Subito rientra in casa e ne riesce poco dopo accompagnata da una donna che l’aiuta a portare una grande pentola piena di pasta fumante, appena scolata e condita con il famigerato ragù il cui odore era sparso nell’aria. Si tratta di una ragazza giovane, robusta e di aspetto gradevole, che è alle sue dipendenze come collaboratrice domestica. La tavola si trova all’aperto, sotto l’ombra fresca del pergolato ed è già apparecchiata per dieci persone, come se il decimo commensale fosse già atteso. In effetti, la Sora Giulia non era dotata di doti di preveggenza, ma più semplicemente aveva indovinato le intenzioni del marito quando lo aveva visto parlare con Guido al cancello. Così, aveva dato disposizione di aggiungere un posto a tavola in modo da arrivare a dieci posti. Ella amava le grandi tavolate e per questo motivo aveva accolto particolarmente bene l’arrivo di Guido. Inoltre, la sua presenza le permetteva di farsi raccontare le ultime notizie sulla situazione degli altri soci della Cooperativa. Mastro Peppe spesso sorrideva di questa piccola mania della moglie, perché lui si dichiarava apertamente non curioso. Tuttavia, non mancava mai di ascoltare attentamente la conversazione che a fine pranzo la moglie avrebbe intavolato con l’ospite.

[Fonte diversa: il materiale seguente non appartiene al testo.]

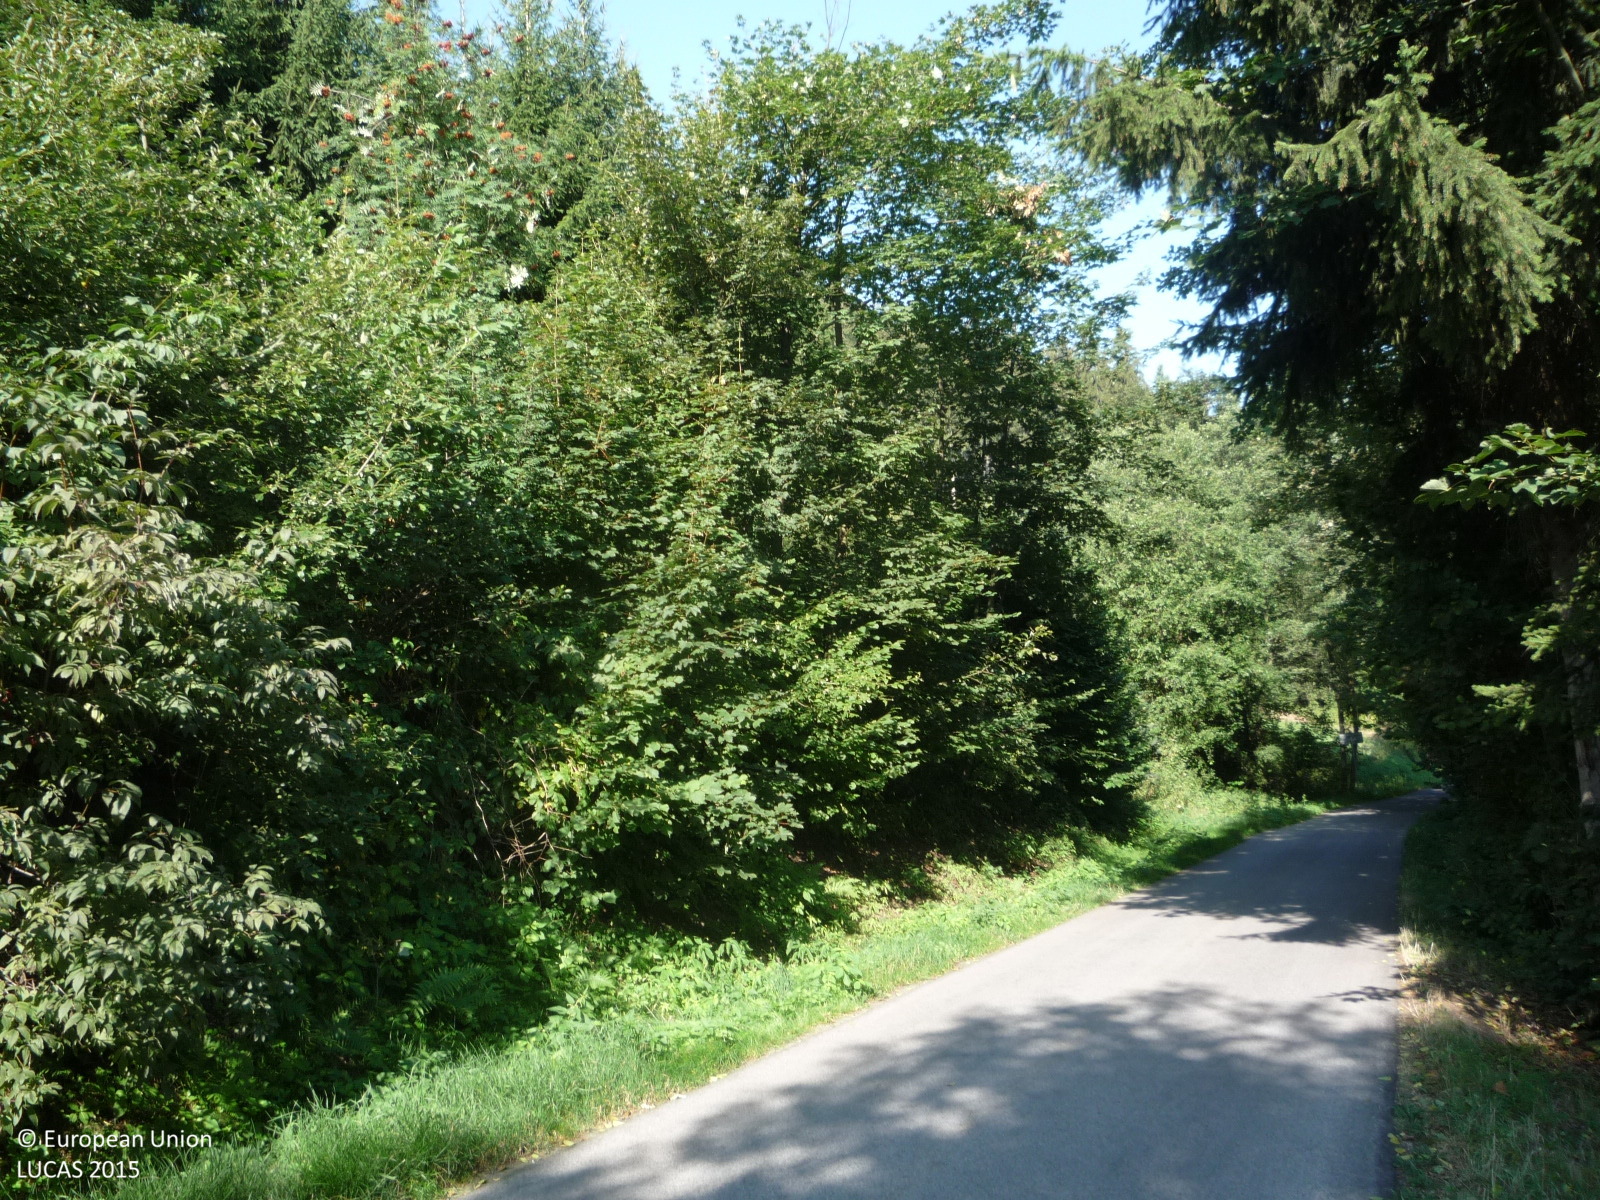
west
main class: Woodland
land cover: Broadleaved woodland
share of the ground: > 75 %
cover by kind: broadleaved forest trees 85 %, herbaceous plants 10 %, shrubs 5 %
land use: Semi-natural and natural areas not in use
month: August
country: CZ
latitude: 50.6221
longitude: 15.2475

Gli uomini erano tutti già seduti e a un capotavola stava Giuseppe, mentre all’altro si sedeva abitualmente Giulia, dopo aver distribuito le porzioni per tutti. Guido si sedette accanto al suo ospite in modo da poter approfittare della conversazione. Giuseppe presentò il suo amico ai suoi collaboratori, anche se tutti ormai lo conoscevano. Sulla tavola c’erano numerose bottiglie di acqua fresca, ma non c’era alcuna bevanda alcolica. Niente alcool fino a che si doveva lavorare, questa era la regola imposta da Giuseppe. Gli uomini dovevano essere lucidi e produttivi al massimo durante il lavoro. La regola poteva essere infranta solo in rare occasioni, come ad esempio quando entrava in produzione un nuovo impianto o quando uno di quelli esistenti registrava un record annuale di produzione. Allora si vedevano comparire alcune bottiglie di pro secco con cui si brindava alla fine del pasto. Ma oggi era un giorno di routine e non c’era vino.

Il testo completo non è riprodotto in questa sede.